INTERNATIONAL ASSOCIATION OF FIREFIGHTERS, LOCAL 2819,

CASE NO. 6776-U-87-1362

Complainant,

DECISION 2872-A - PECB

vs.

 

KITSAP COUNTY FIRE DISTRICT NO. 7,

DECISION OF COMMISSION

Respondent.

 

Gary Faucett. President, appeared on behalf of the complainant at hearing; James F. Imperiale, Attorney at Law, filed the response to the Petition For Review.

Richard Gross, Attorney at Law, appeared on behalf of the respondent.

Examiner William A. Lang issued Findings of Fact, Conclusions of Law and an Order in the above-captioned matter on February 17, 1988, concluding that the employer committed unfair labor practices by unilaterally adopting certain employment policies without first bargaining with the union that represents its employees.
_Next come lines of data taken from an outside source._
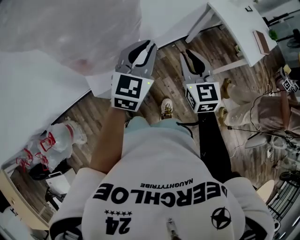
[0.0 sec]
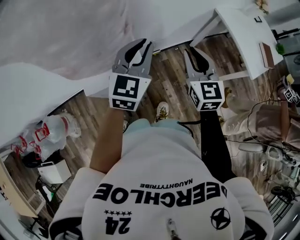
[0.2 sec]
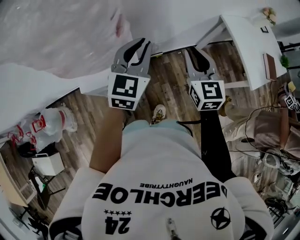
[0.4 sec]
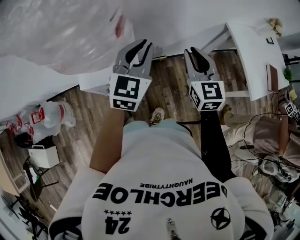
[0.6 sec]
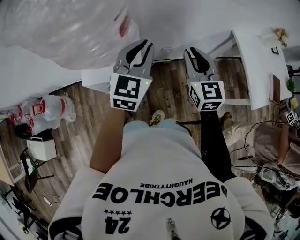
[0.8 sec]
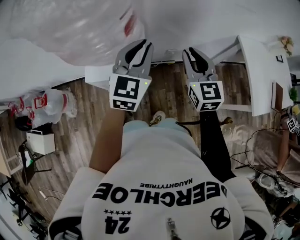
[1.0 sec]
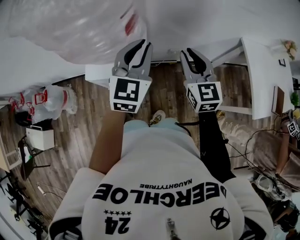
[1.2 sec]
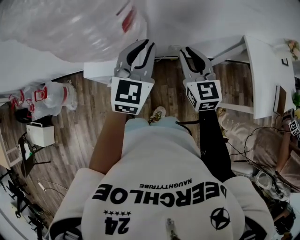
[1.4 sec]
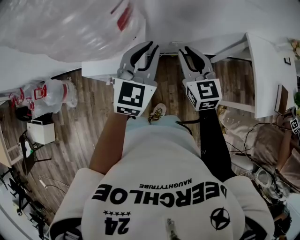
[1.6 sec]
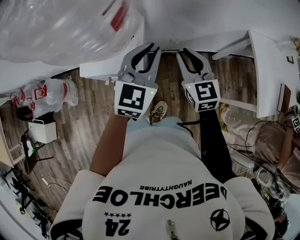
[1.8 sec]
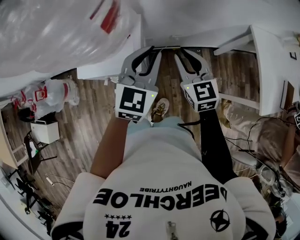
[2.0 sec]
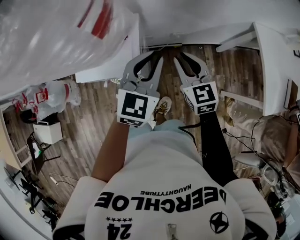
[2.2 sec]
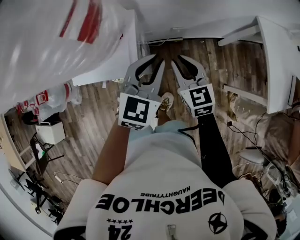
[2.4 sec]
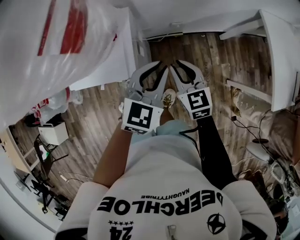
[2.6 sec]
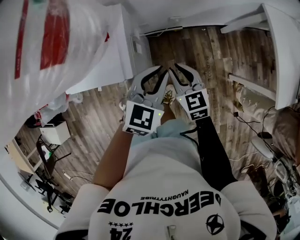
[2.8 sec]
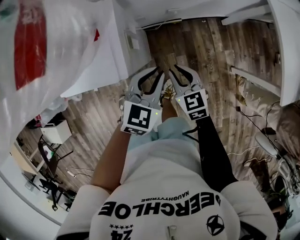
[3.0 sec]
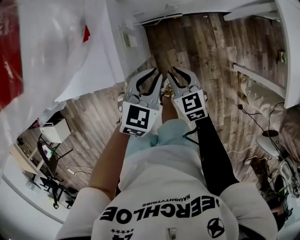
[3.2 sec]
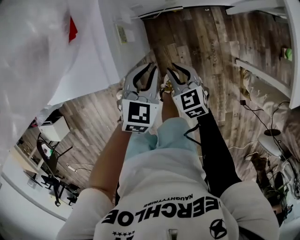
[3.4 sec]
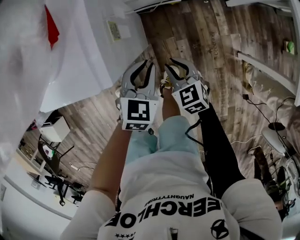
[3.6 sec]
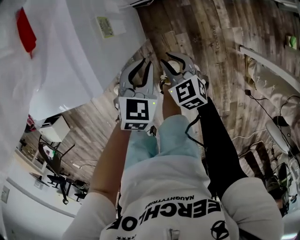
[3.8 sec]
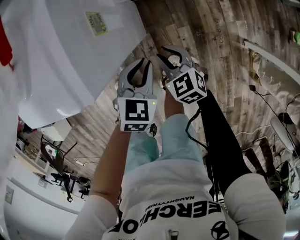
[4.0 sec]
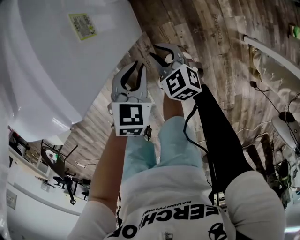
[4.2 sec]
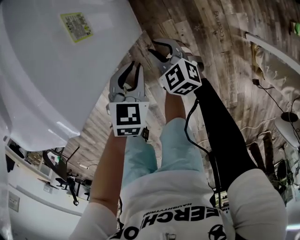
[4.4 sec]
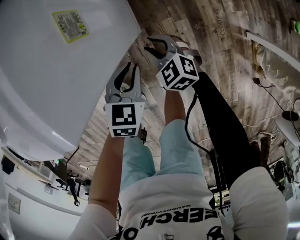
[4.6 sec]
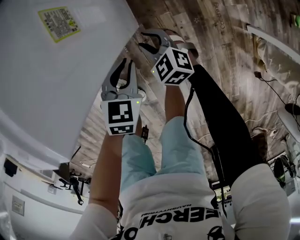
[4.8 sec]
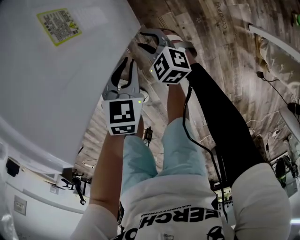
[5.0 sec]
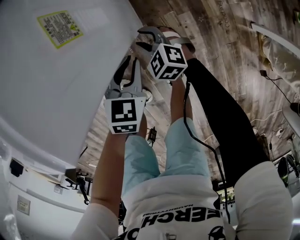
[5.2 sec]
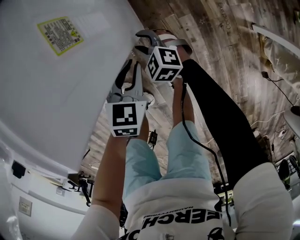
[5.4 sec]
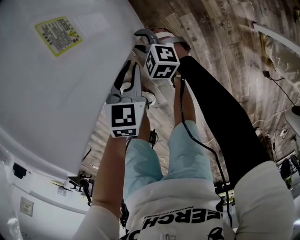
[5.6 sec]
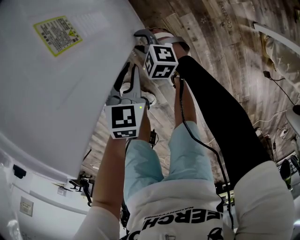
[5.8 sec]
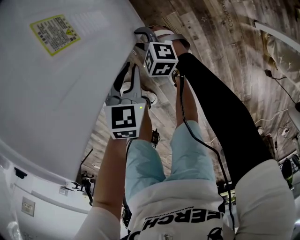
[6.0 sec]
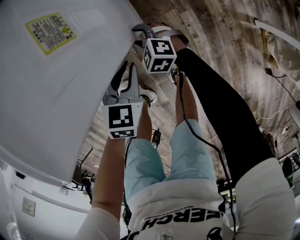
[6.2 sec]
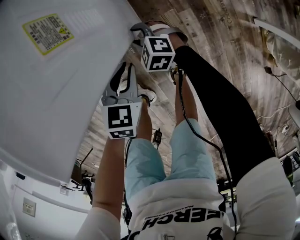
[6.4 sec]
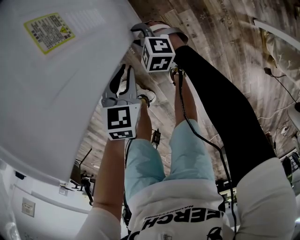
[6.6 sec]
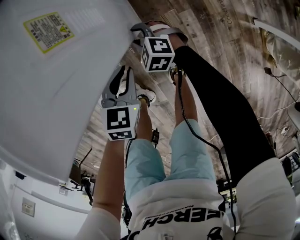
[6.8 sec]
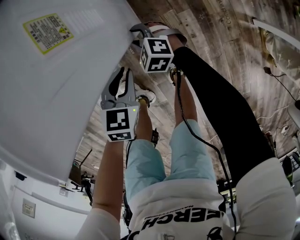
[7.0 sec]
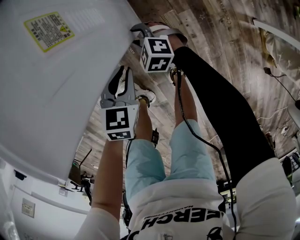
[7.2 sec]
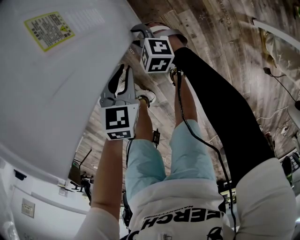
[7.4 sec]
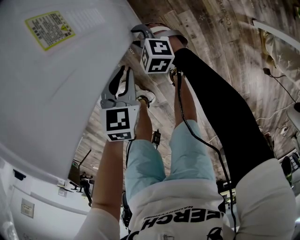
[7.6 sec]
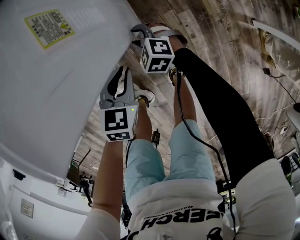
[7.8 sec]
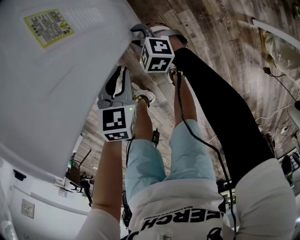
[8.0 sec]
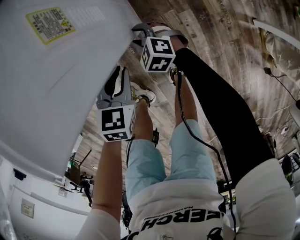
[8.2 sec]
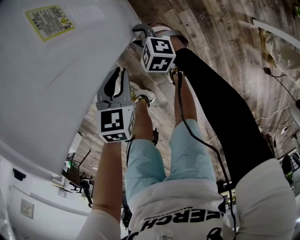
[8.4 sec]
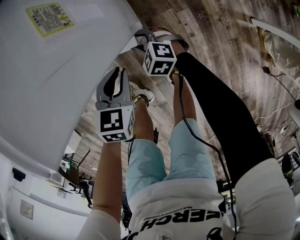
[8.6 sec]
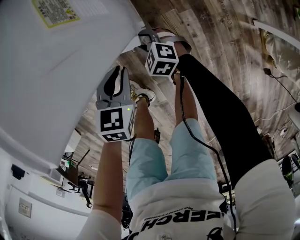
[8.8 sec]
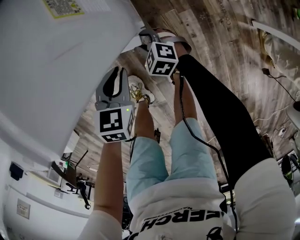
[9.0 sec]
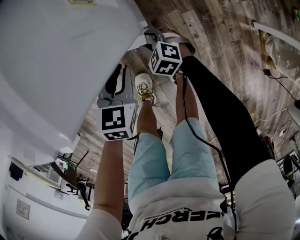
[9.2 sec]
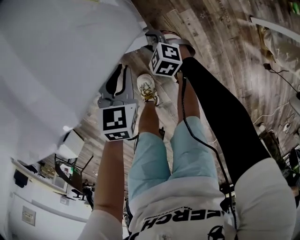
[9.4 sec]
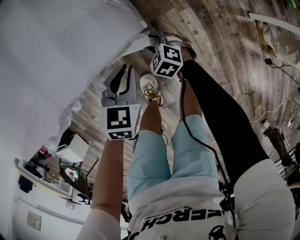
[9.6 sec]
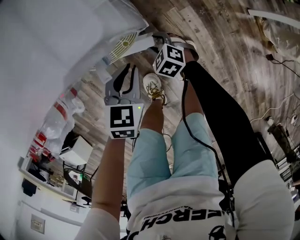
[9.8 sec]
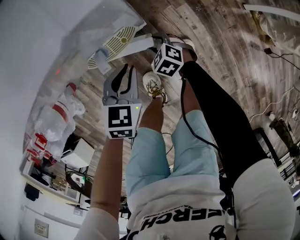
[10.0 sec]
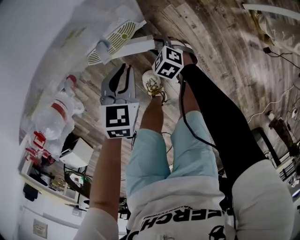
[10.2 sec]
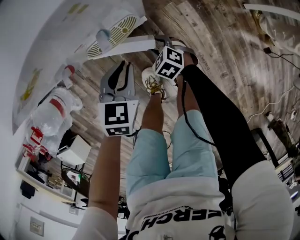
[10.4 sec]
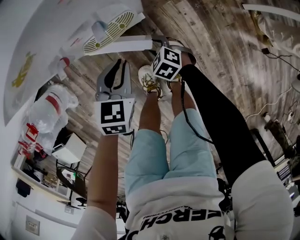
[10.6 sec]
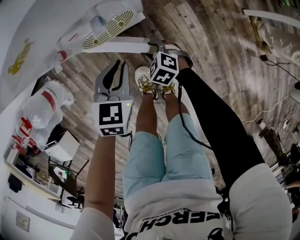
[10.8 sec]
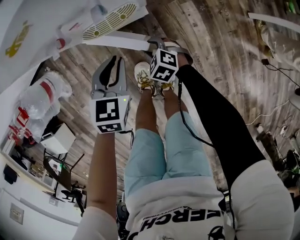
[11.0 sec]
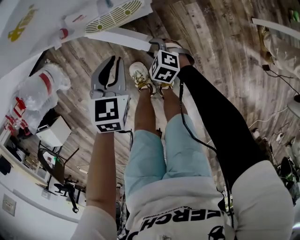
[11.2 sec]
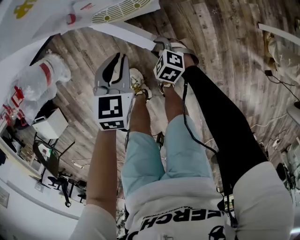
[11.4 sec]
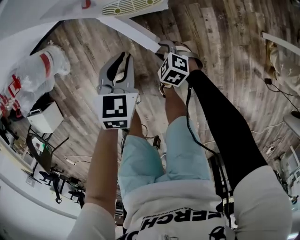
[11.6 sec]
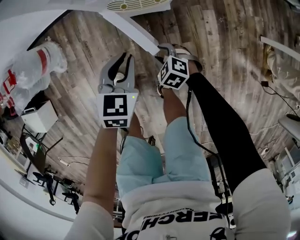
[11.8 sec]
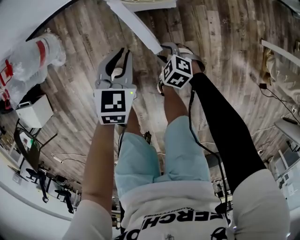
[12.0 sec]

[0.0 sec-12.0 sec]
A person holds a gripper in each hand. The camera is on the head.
0.0 sec to 1.6 sec: The left gripper swivels roughly 30 degrees; the right gripper moves about 10 cm, and turns by roughly 30 degrees.
1.6 sec to 3.0 sec: The grippers both shift downward by about 25 cm. The right gripper turns by approximately 30 degrees, while the left gripper swivels roughly 30 degrees.
3.0 sec to 4.4 sec: The grippers both shift downward by some 25 cm. The right gripper changes its angle by roughly 20 degrees.
4.4 sec to 6.0 sec: The left gripper shifts by roughly 5 cm; the right gripper is displaced downward and to the left by roughly 15 cm.
6.0 sec to 7.6 sec: The grippers make only small movements.
7.6 sec to 9.0 sec: The grippers make only small movements.
9.0 sec to 10.4 sec: The left gripper changes place by roughly 5 cm. The right gripper goes some 10 cm backward, and turns by some 20 degrees.
10.4 sec to 12.0 sec: The left gripper shifts by about 15 cm, and turns by roughly 20 degrees; the right gripper moves some 15 cm, and turns by roughly 30 degrees.

The employer filed a timely petition for review, thereby bringing the matter before the Commission.

BACKGROUND

On February 19, 1987, the Board of Commissioners of Kitsap County Fire Protection District No. 7, a public employer, adopted policies which provided, in pertinent part, as follows:

1. All employees of South Kitsap Fire Protection District #7 hired after the 1st day of March, 1987 shall not use tobacco products;

2. All buildings and apparatus under the control of the District shall be non-smoking areas and be clearly posted as "non-smoking":

* * *

... all employees of South Kitsap Fire District #7 hired after the 1st day of March, 1987, shall maintain their permanent and regular living residence (s) at a relatively close distance from the main headquarters of the Fire District so that they may safely reach the Fire District Headquarters by motor vehicle within 30 minutes from the time they are summoned.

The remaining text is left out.